The contour of the frame prior and after the side impact (black colour - frame contour before side impact): a) steel frame structure (front view); b) hybrid frame structure (front view).

In the steel frame structure, the maximum deformation is received at the top and amounts to 360 mm. Comparing the deformed steel frame structure with the undeformed (Fig. 6a), where the contour of the structure before deformation (black solid line) is shown after a side impact that was in a relatively low position, the maximum deformation is fixed in the upper part of the structure. This result was to be expected, as there are additional structural elements in the lower part of the structure over the entire floor area, which reinforce this part of the structure. The upper part of the structure shall have no additional reinforcements and the structural arches shall ensure sufficient strength of the structure. When evaluating a hybrid frame structure (Fig. 6b), the maximum deformation is also fixed in the upper part of the structure and reaches 387 mm. The difference between these deformations is about 7%. The greater deformation is reached in the hybrid frame structure due to the fact that it was in the upper part that the steel was replaced by a fiberglass composite, the mechanical properties of which are inferior to those of steel.

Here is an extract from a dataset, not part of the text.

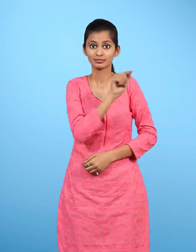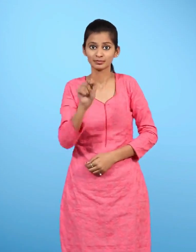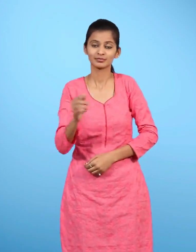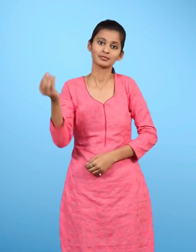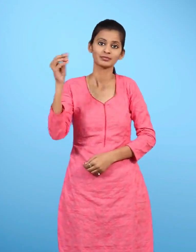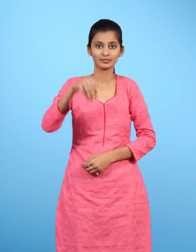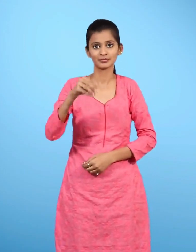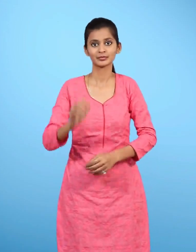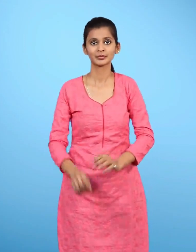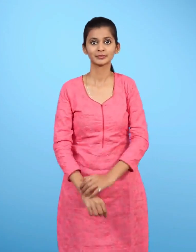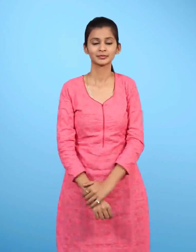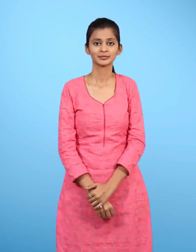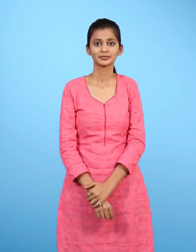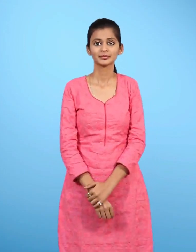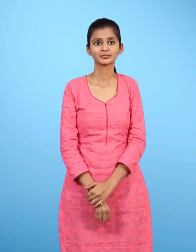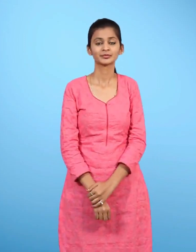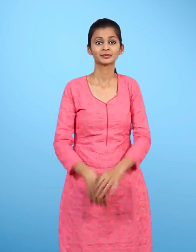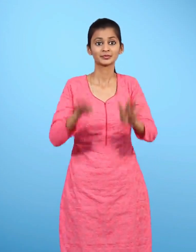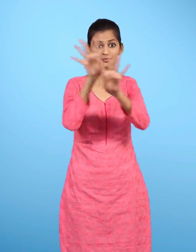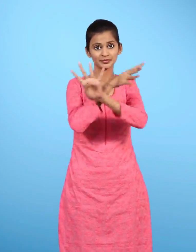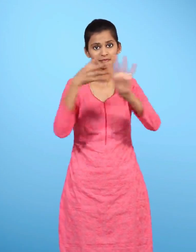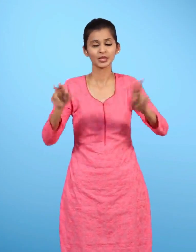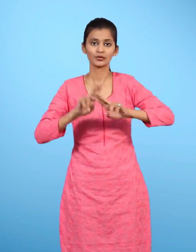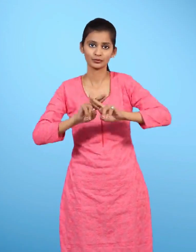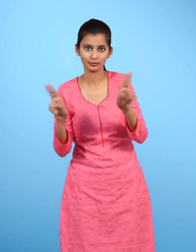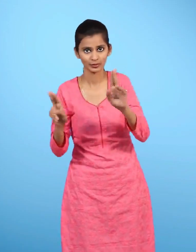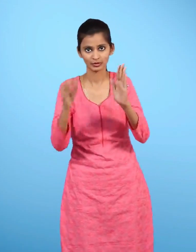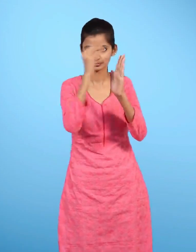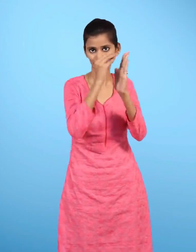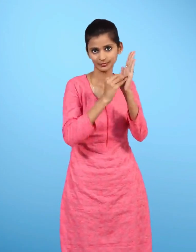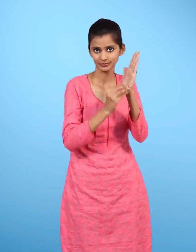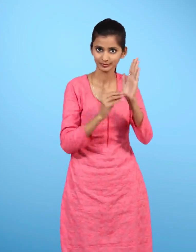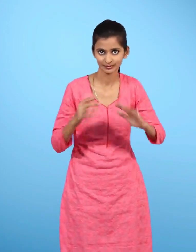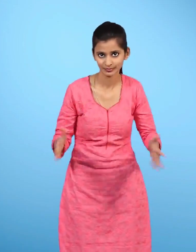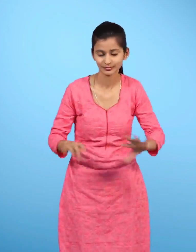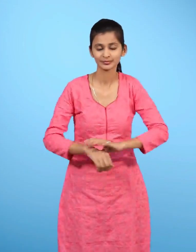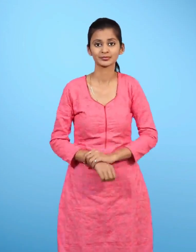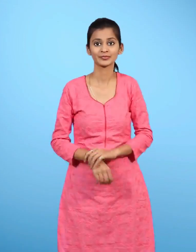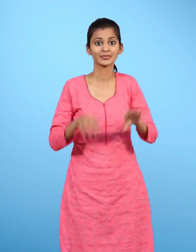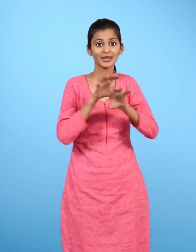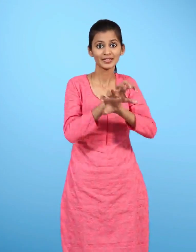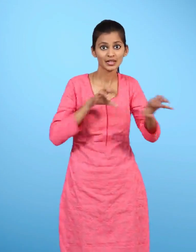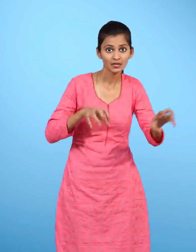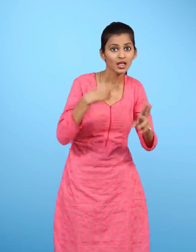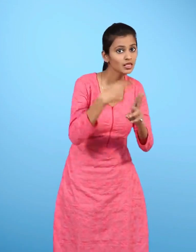रिक्तिस्थान भरो और तालिका को पूरा करो जानवर का नाम
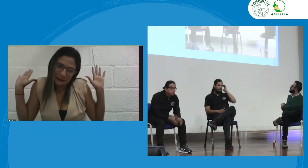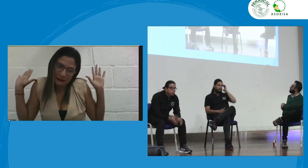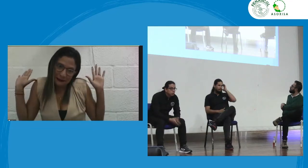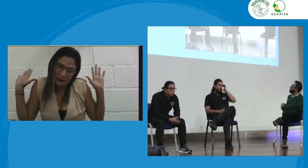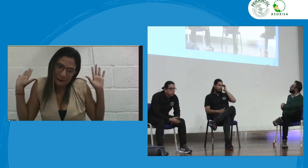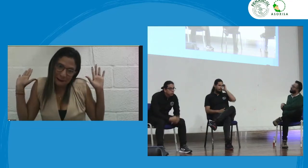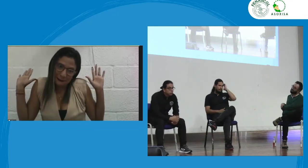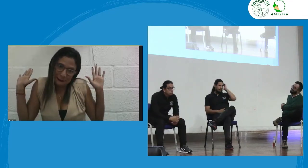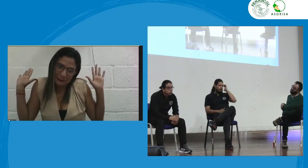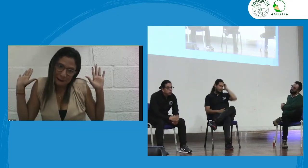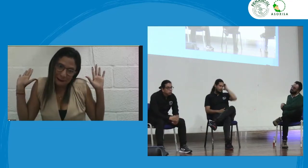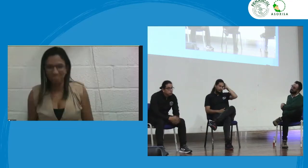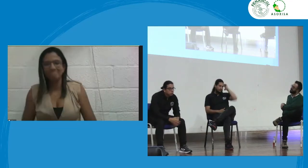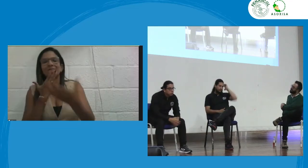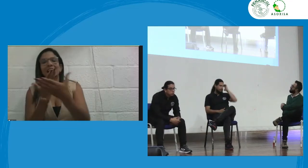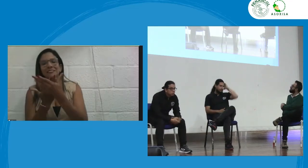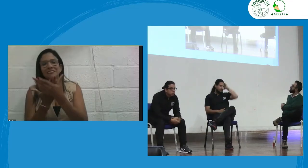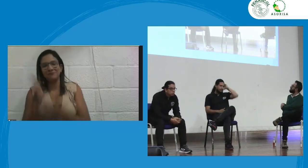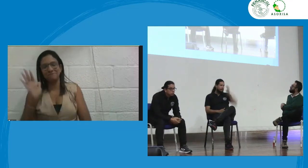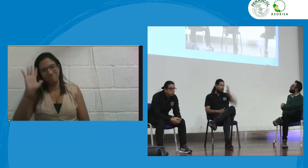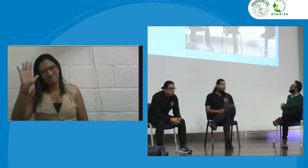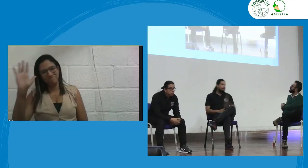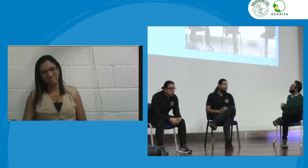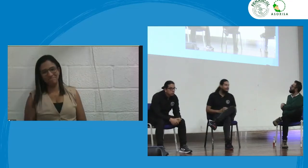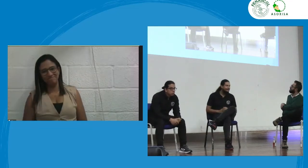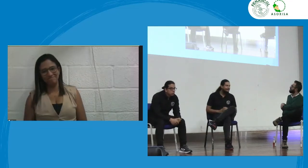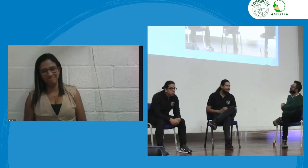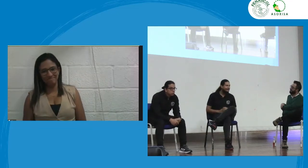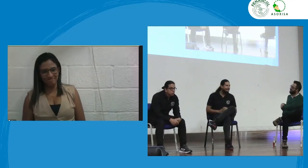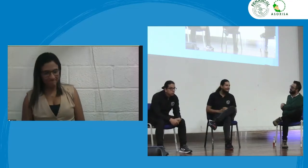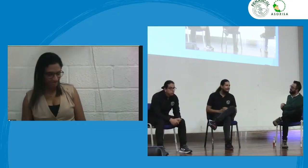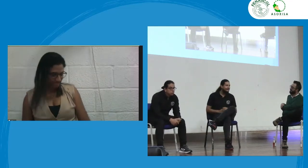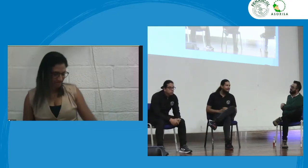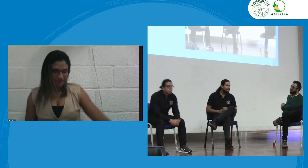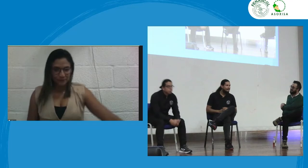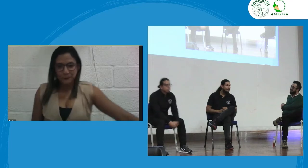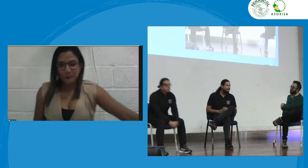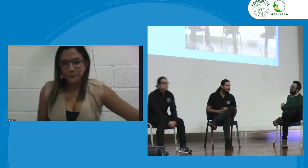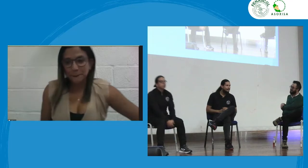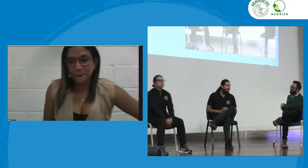no sé si soy clara Joaquín es una propuesta no más muchas gracias

After performing a numerical simulation of the collision and determining the energy and deformation absorbed by the structures, the SEA can also be assessed. The SEA will be assessed according to Eq. (1). All the quantities required to calculate the specific energy absorption are known. The value of the deformation of the bus frame structure is used to calculate the SEA value, which is obtained by comparing the undeformed and deformed frame structure. In the case of a steel frame structure, they are: \(W=29.85 \cdot {10}^{3}\) J; \(\rho =\mathrm{7,700 kg}/{\mathrm{m}}^{3}\); \(A=0.125 {\mathrm{m}}^{2}\); \(\delta =0.360\mathrm{ m}\). In the case of a hybrid frame structure, they are: \(W=29.89\cdot {10}^{3}\) J; \(\rho =\mathrm{6,560 kg}/{\mathrm{m}}^{3}\); \(A= 0.125{\mathrm{ m}}^{2}\); \(\delta =0.387\mathrm{ m}\).

Calculating the SEA from the values given gives the following values: SEA_Steel = 86.15 J/kg; SEA_hybrid = 97.19 J/kg. The higher value of specific energy absorption is reached in the hybrid frame structure. The difference between the specific energy absorption values in different structures is about 12%. This difference is obtained because the amount of energy absorbed by the hybrid frame structure and the amount of deformation are close to the values of the steel frame structure but in the case of a hybrid frame structure the total structure density decreases significantly (about 15%). The higher the value of SEA, the better the structure is able to absorb energy. The resulting higher SEA value indicates that the use of composite materials significantly reduces the mass of the structure and at the same time maintains the impact resistance of the structure.

4 Conclusion

1. 1.

   In the structure of a bus frame replacing steel with a fiberglass composite reduces the weight of the frame structure by about 15%. The reduction in mass would have a positive effect on the reduction of exhaust emissions.

2. 2.

   Modeling of the side impact showed that the deformation of the hybrid frame structure is 7% higher compared to the steel frame structure.

3. 3.

   Assessing the change of the kinetic energy of the barrier over time and its general change, it can be seen that the kinetic energy of the barrier decreases by about 80% after contact in 0.015 s. The change in the kinetic energy of the barrier in the different structures is very similar and the difference between them is 1.2 kJ. This shows that both structures absorb the kinetic energy of the barrier relatively equally.

4. 4.

   Assessing how the kinetic energies of frame structures change, it can be seen that they also change uniformly. The difference in kinetic energy between different structures is about 5%.

5. 5.

   After calculating and comparing the SEA values of different structures, it was found that a higher SEA value is obtained in the hybrid frame structure. This difference is 12%. The obtained result shows that the use of composite materials can ensure high impact resistance of the structure at a lower mass.